Retype the following records exactly and exclude the pictures.
*** Dataset records
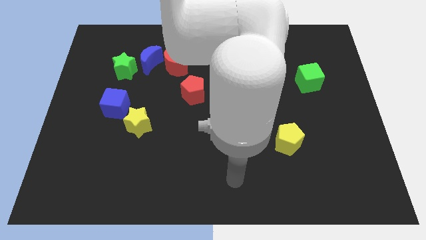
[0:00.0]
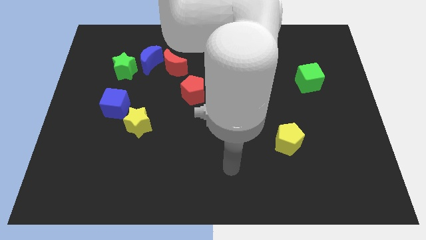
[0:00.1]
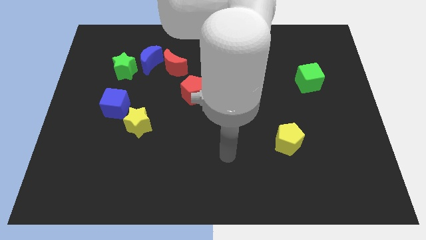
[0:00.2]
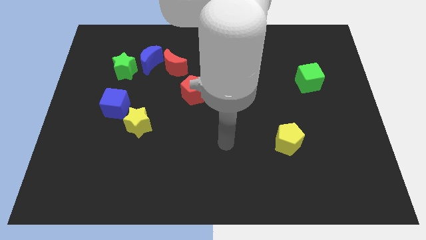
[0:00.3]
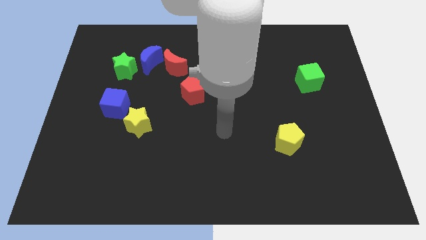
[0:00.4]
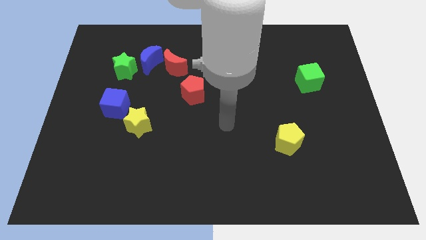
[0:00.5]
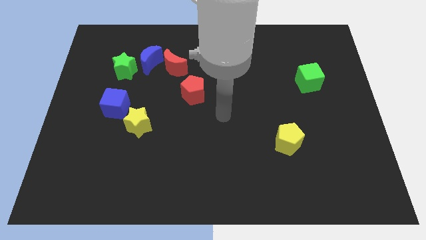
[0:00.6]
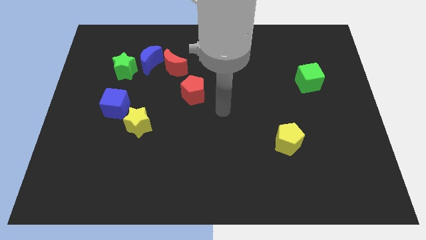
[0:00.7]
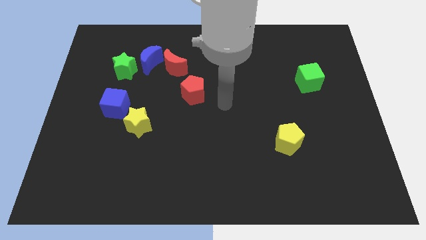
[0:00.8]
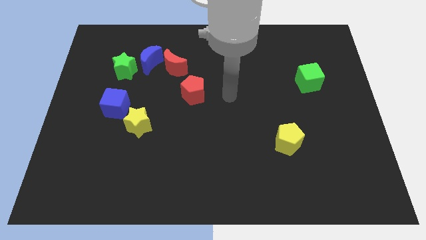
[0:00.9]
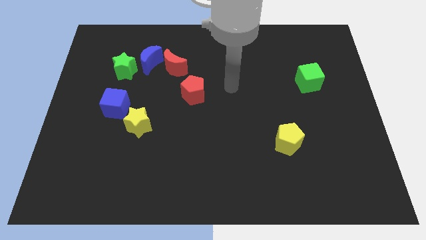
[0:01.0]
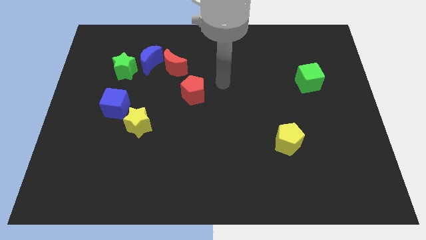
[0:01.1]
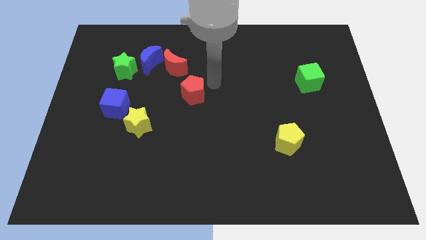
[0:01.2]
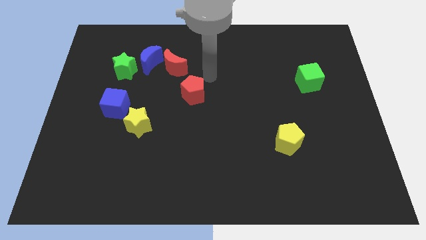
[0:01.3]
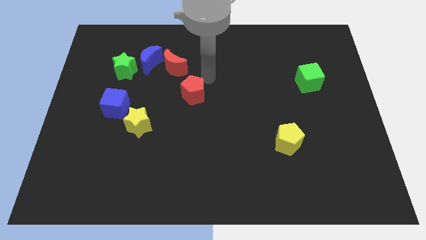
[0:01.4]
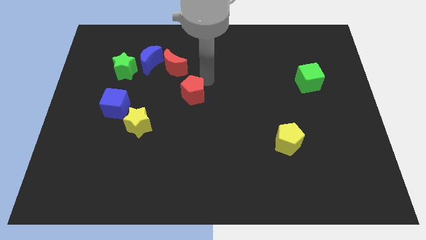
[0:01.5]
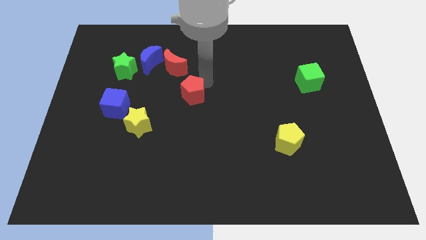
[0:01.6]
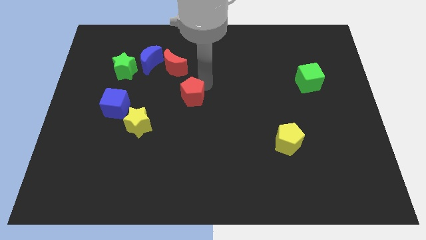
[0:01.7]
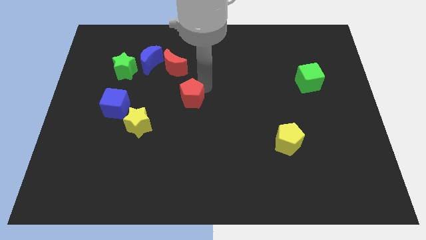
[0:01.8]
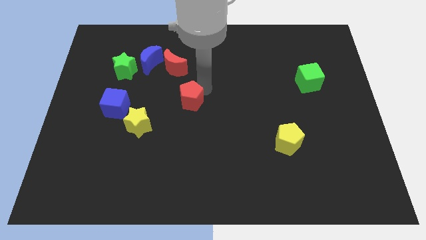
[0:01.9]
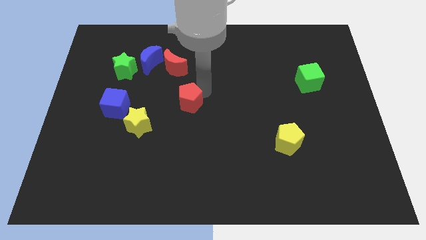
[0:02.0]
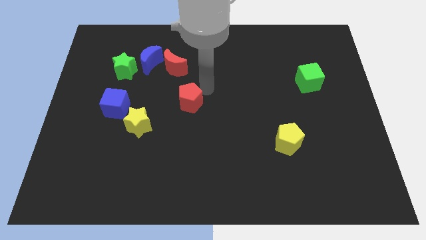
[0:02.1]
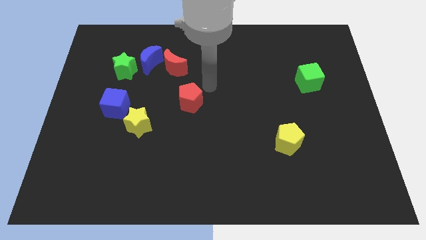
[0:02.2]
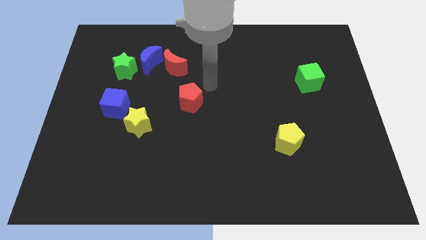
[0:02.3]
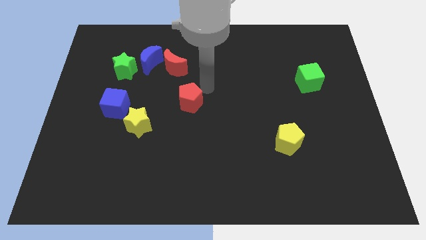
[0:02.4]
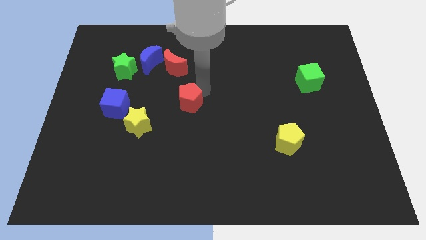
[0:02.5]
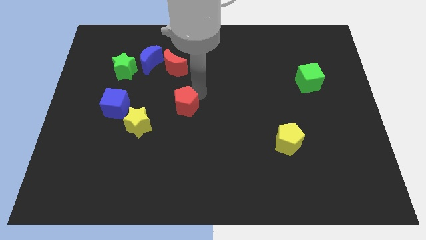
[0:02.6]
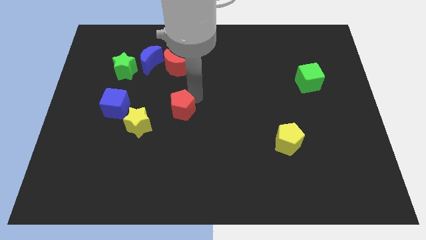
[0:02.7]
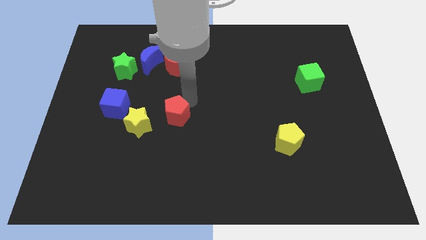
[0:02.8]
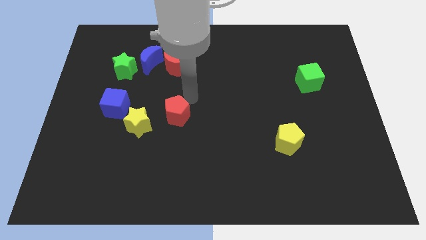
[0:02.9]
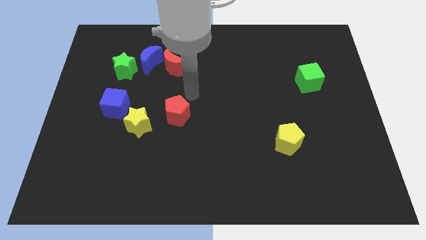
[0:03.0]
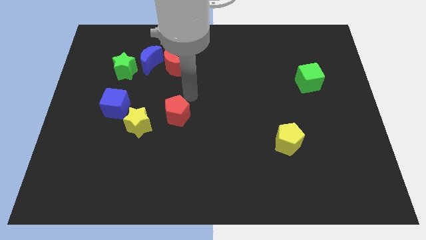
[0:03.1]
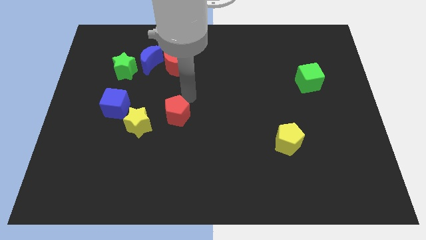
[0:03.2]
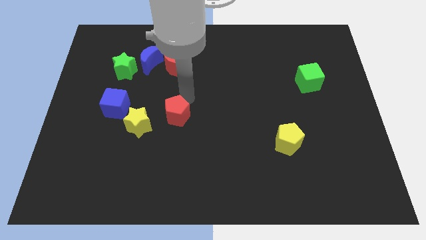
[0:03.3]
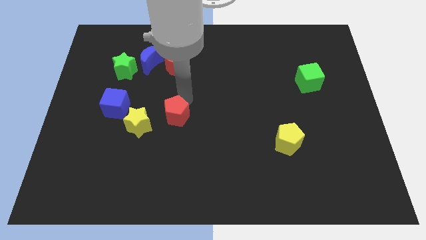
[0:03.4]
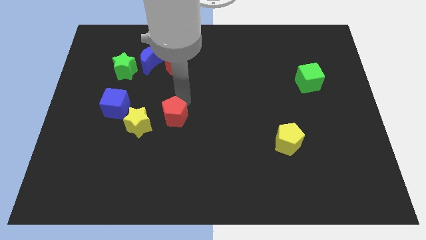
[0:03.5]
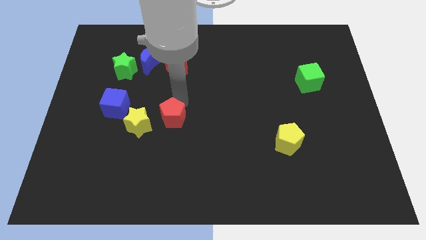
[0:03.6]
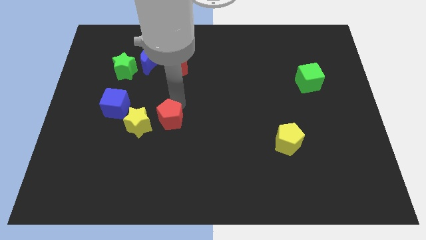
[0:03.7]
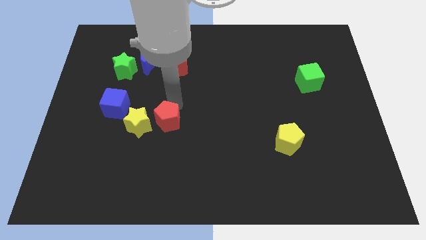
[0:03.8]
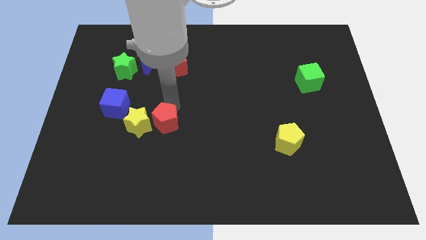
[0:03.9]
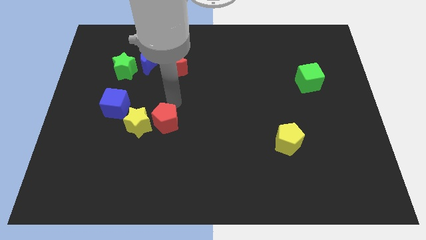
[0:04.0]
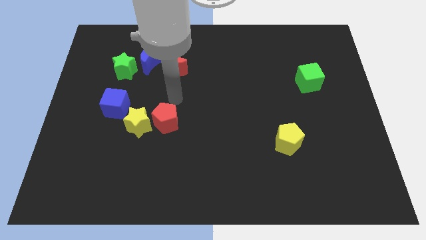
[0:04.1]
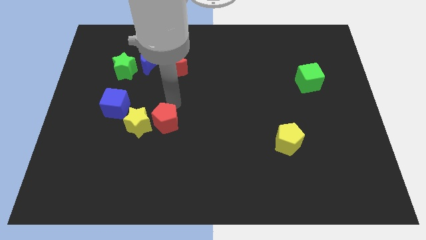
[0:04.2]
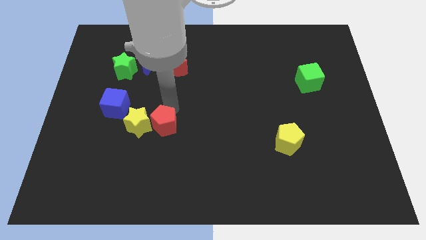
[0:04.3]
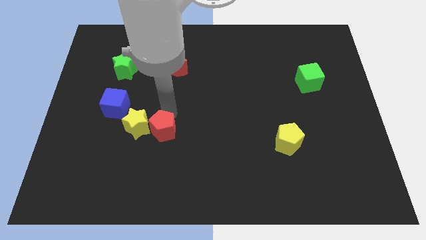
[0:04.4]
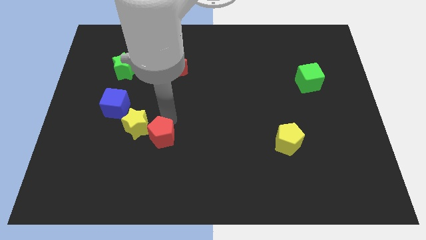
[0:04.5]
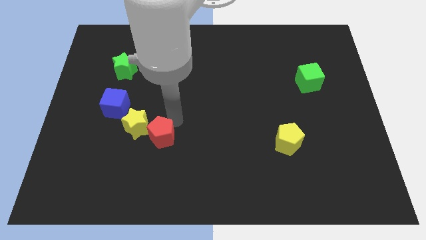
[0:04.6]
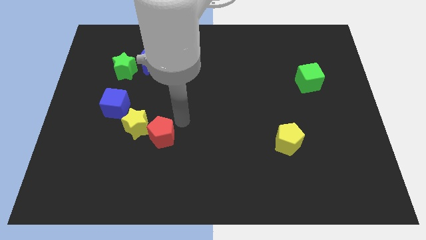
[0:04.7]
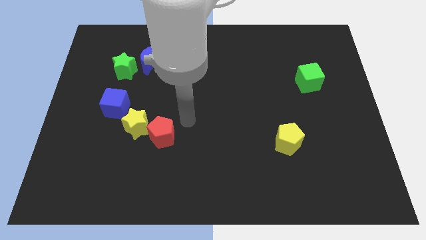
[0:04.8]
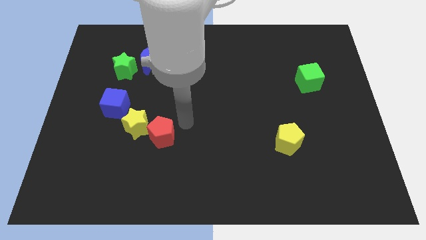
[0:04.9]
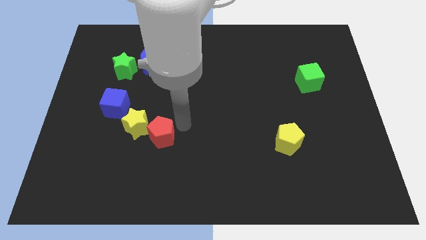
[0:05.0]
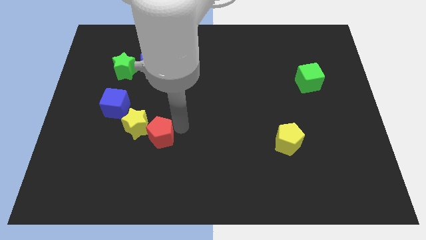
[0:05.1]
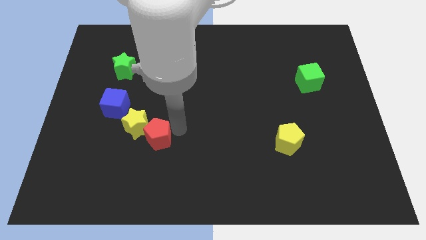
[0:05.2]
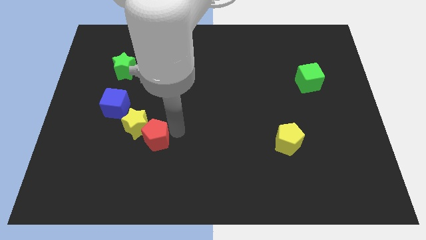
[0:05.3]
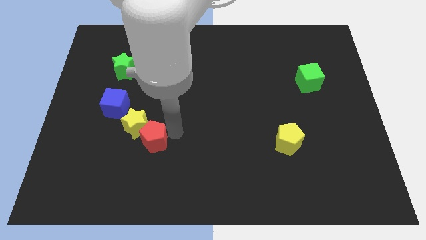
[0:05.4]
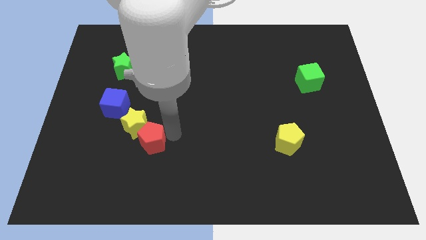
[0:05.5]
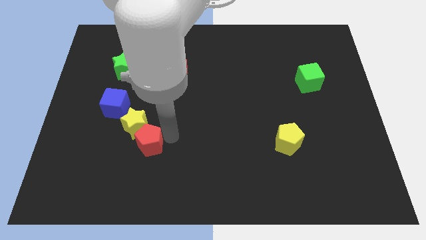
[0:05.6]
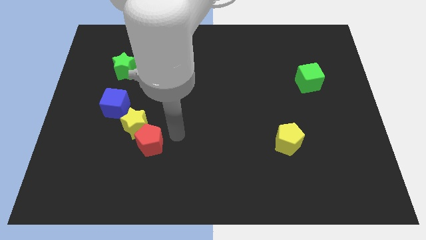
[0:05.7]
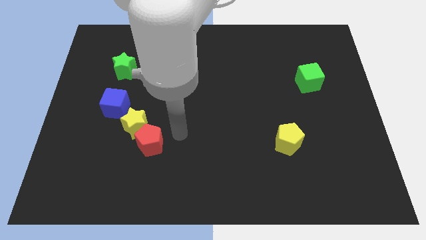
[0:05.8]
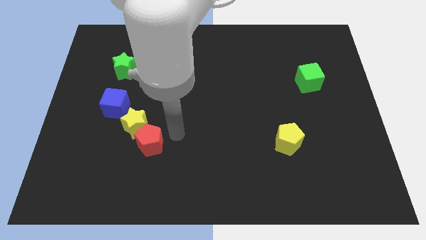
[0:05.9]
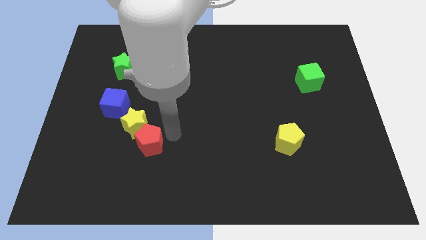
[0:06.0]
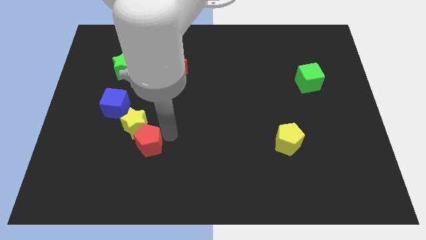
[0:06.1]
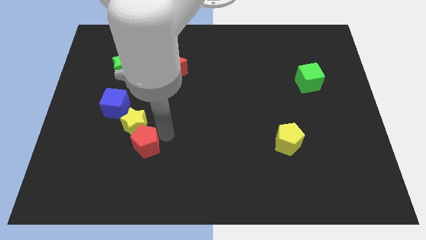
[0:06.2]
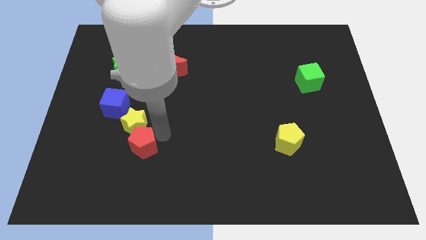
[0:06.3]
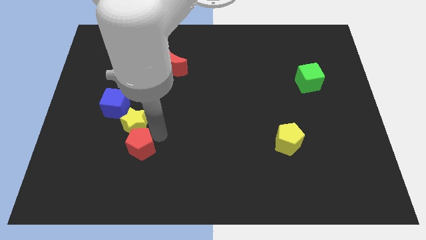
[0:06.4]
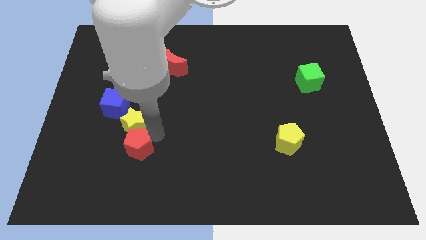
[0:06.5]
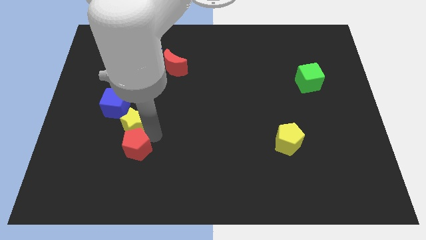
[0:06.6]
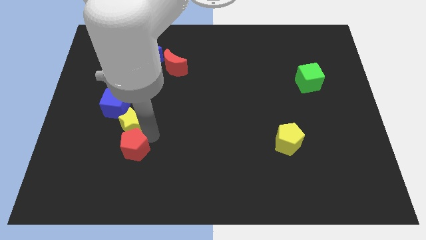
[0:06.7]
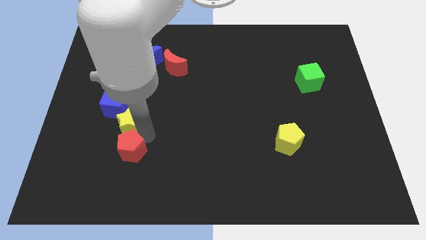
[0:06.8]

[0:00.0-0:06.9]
push the red pentagon downwards and to the left diagonally
******
- Final answer -
[0:00.0]
[0:00.1]
[0:00.2]
[0:00.3]
[0:00.4]
[0:00.5]
[0:00.6]
[0:00.7]
[0:00.8]
[0:00.9]
[0:01.0]
[0:01.1]
[0:01.2]
[0:01.3]
[0:01.4]
[0:01.5]
[0:01.6]
[0:01.7]
[0:01.8]
[0:01.9]
[0:02.0]
[0:02.1]
[0:02.2]
[0:02.3]
[0:02.4]
[0:02.5]
[0:02.6]
[0:02.7]
[0:02.8]
[0:02.9]
[0:03.0]
[0:03.1]
[0:03.2]
[0:03.3]
[0:03.4]
[0:03.5]
[0:03.6]
[0:03.7]
[0:03.8]
[0:03.9]
[0:04.0]
[0:04.1]
[0:04.2]
[0:04.3]
[0:04.4]
[0:04.5]
[0:04.6]
[0:04.7]
[0:04.8]
[0:04.9]
[0:05.0]
[0:05.1]
[0:05.2]
[0:05.3]
[0:05.4]
[0:05.5]
[0:05.6]
[0:05.7]
[0:05.8]
[0:05.9]
[0:06.0]
[0:06.1]
[0:06.2]
[0:06.3]
[0:06.4]
[0:06.5]
[0:06.6]
[0:06.7]
[0:06.8]

[0:00.0-0:06.9]
push the red pentagon downwards and to the left diagonally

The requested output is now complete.